#### [EXERCISE]
From the first line to the last, return the data exactly as written.

Dataset records:
________________________
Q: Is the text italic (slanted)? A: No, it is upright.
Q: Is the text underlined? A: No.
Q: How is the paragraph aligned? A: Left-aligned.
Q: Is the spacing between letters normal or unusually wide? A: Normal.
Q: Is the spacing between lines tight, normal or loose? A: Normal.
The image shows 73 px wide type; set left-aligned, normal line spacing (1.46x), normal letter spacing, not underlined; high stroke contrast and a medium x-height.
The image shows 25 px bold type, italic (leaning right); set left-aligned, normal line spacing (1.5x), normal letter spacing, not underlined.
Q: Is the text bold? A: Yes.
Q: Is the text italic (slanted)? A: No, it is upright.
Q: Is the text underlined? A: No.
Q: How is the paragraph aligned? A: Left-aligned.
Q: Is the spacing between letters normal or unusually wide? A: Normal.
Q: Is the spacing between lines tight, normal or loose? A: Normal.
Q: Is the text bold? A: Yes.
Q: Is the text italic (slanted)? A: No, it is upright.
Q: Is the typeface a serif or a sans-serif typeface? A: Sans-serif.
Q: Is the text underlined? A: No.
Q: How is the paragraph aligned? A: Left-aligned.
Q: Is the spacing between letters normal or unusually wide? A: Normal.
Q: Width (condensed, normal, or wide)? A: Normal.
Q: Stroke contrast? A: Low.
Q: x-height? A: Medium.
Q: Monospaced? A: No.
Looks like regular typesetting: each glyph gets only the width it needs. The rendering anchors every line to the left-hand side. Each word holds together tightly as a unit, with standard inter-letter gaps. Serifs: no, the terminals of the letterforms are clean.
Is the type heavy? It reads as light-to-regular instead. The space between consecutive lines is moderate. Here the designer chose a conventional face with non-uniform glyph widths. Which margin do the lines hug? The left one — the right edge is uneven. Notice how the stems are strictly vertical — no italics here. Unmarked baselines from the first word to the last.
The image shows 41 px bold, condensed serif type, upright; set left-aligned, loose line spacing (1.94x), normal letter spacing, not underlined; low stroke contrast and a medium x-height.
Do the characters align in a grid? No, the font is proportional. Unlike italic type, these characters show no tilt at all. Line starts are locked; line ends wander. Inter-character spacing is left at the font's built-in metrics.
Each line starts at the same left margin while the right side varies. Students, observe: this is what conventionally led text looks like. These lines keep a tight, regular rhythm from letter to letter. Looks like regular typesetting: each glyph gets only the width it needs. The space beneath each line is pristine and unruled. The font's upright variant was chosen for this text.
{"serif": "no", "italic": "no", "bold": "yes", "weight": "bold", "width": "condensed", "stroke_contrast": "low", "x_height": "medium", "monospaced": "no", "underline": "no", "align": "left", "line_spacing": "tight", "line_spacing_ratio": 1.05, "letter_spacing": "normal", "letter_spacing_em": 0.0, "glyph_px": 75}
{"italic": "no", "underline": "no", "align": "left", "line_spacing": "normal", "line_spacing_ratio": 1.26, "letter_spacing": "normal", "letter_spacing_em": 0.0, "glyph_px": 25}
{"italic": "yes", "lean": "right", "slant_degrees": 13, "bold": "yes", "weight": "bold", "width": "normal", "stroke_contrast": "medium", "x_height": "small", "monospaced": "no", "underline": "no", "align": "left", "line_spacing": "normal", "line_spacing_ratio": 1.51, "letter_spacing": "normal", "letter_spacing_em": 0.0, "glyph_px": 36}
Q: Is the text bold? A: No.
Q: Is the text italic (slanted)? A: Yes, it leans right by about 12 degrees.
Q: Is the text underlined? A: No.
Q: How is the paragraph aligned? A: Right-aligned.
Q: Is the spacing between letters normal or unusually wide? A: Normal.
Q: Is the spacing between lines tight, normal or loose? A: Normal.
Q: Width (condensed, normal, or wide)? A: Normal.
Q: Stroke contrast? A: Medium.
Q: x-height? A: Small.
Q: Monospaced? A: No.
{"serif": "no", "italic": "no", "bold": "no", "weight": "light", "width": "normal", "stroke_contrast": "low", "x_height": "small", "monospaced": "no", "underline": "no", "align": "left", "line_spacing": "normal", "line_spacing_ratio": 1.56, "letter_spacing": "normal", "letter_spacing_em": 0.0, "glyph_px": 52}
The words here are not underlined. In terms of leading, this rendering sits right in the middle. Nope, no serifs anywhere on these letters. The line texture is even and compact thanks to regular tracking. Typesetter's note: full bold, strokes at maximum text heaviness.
________________________
#### [EXERCISE ANSWER]
Q: Is the text italic (slanted)? A: No, it is upright.
Q: Is the text underlined? A: No.
Q: How is the paragraph aligned? A: Left-aligned.
Q: Is the spacing between letters normal or unusually wide? A: Normal.
Q: Is the spacing between lines tight, normal or loose? A: Normal.
The image shows 73 px wide type; set left-aligned, normal line spacing (1.46x), normal letter spacing, not underlined; high stroke contrast and a medium x-height.
The image shows 25 px bold type, italic (leaning right); set left-aligned, normal line spacing (1.5x), normal letter spacing, not underlined.
Q: Is the text bold? A: Yes.
Q: Is the text italic (slanted)? A: No, it is upright.
Q: Is the text underlined? A: No.
Q: How is the paragraph aligned? A: Left-aligned.
Q: Is the spacing between letters normal or unusually wide? A: Normal.
Q: Is the spacing between lines tight, normal or loose? A: Normal.
Q: Is the text bold? A: Yes.
Q: Is the text italic (slanted)? A: No, it is upright.
Q: Is the typeface a serif or a sans-serif typeface? A: Sans-serif.
Q: Is the text underlined? A: No.
Q: How is the paragraph aligned? A: Left-aligned.
Q: Is the spacing between letters normal or unusually wide? A: Normal.
Q: Width (condensed, normal, or wide)? A: Normal.
Q: Stroke contrast? A: Low.
Q: x-height? A: Medium.
Q: Monospaced? A: No.
Looks like regular typesetting: each glyph gets only the width it needs. The rendering anchors every line to the left-hand side. Each word holds together tightly as a unit, with standard inter-letter gaps. Serifs: no, the terminals of the letterforms are clean.
Is the type heavy? It reads as light-to-regular instead. The space between consecutive lines is moderate. Here the designer chose a conventional face with non-uniform glyph widths. Which margin do the lines hug? The left one — the right edge is uneven. Notice how the stems are strictly vertical — no italics here. Unmarked baselines from the first word to the last.
The image shows 41 px bold, condensed serif type, upright; set left-aligned, loose line spacing (1.94x), normal letter spacing, not underlined; low stroke contrast and a medium x-height.
Do the characters align in a grid? No, the font is proportional. Unlike italic type, these characters show no tilt at all. Line starts are locked; line ends wander. Inter-character spacing is left at the font's built-in metrics.
Each line starts at the same left margin while the right side varies. Students, observe: this is what conventionally led text looks like. These lines keep a tight, regular rhythm from letter to letter. Looks like regular typesetting: each glyph gets only the width it needs. The space beneath each line is pristine and unruled. The font's upright variant was chosen for this text.
{"serif": "no", "italic": "no", "bold": "yes", "weight": "bold", "width": "condensed", "stroke_contrast": "low", "x_height": "medium", "monospaced": "no", "underline": "no", "align": "left", "line_spacing": "tight", "line_spacing_ratio": 1.05, "letter_spacing": "normal", "letter_spacing_em": 0.0, "glyph_px": 75}
{"italic": "no", "underline": "no", "align": "left", "line_spacing": "normal", "line_spacing_ratio": 1.26, "letter_spacing": "normal", "letter_spacing_em": 0.0, "glyph_px": 25}
{"italic": "yes", "lean": "right", "slant_degrees": 13, "bold": "yes", "weight": "bold", "width": "normal", "stroke_contrast": "medium", "x_height": "small", "monospaced": "no", "underline": "no", "align": "left", "line_spacing": "normal", "line_spacing_ratio": 1.51, "letter_spacing": "normal", "letter_spacing_em": 0.0, "glyph_px": 36}
Q: Is the text bold? A: No.
Q: Is the text italic (slanted)? A: Yes, it leans right by about 12 degrees.
Q: Is the text underlined? A: No.
Q: How is the paragraph aligned? A: Right-aligned.
Q: Is the spacing between letters normal or unusually wide? A: Normal.
Q: Is the spacing between lines tight, normal or loose? A: Normal.
Q: Width (condensed, normal, or wide)? A: Normal.
Q: Stroke contrast? A: Medium.
Q: x-height? A: Small.
Q: Monospaced? A: No.
{"serif": "no", "italic": "no", "bold": "no", "weight": "light", "width": "normal", "stroke_contrast": "low", "x_height": "small", "monospaced": "no", "underline": "no", "align": "left", "line_spacing": "normal", "line_spacing_ratio": 1.56, "letter_spacing": "normal", "letter_spacing_em": 0.0, "glyph_px": 52}
The words here are not underlined. In terms of leading, this rendering sits right in the middle. Nope, no serifs anywhere on these letters. The line texture is even and compact thanks to regular tracking. Typesetter's note: full bold, strokes at maximum text heaviness.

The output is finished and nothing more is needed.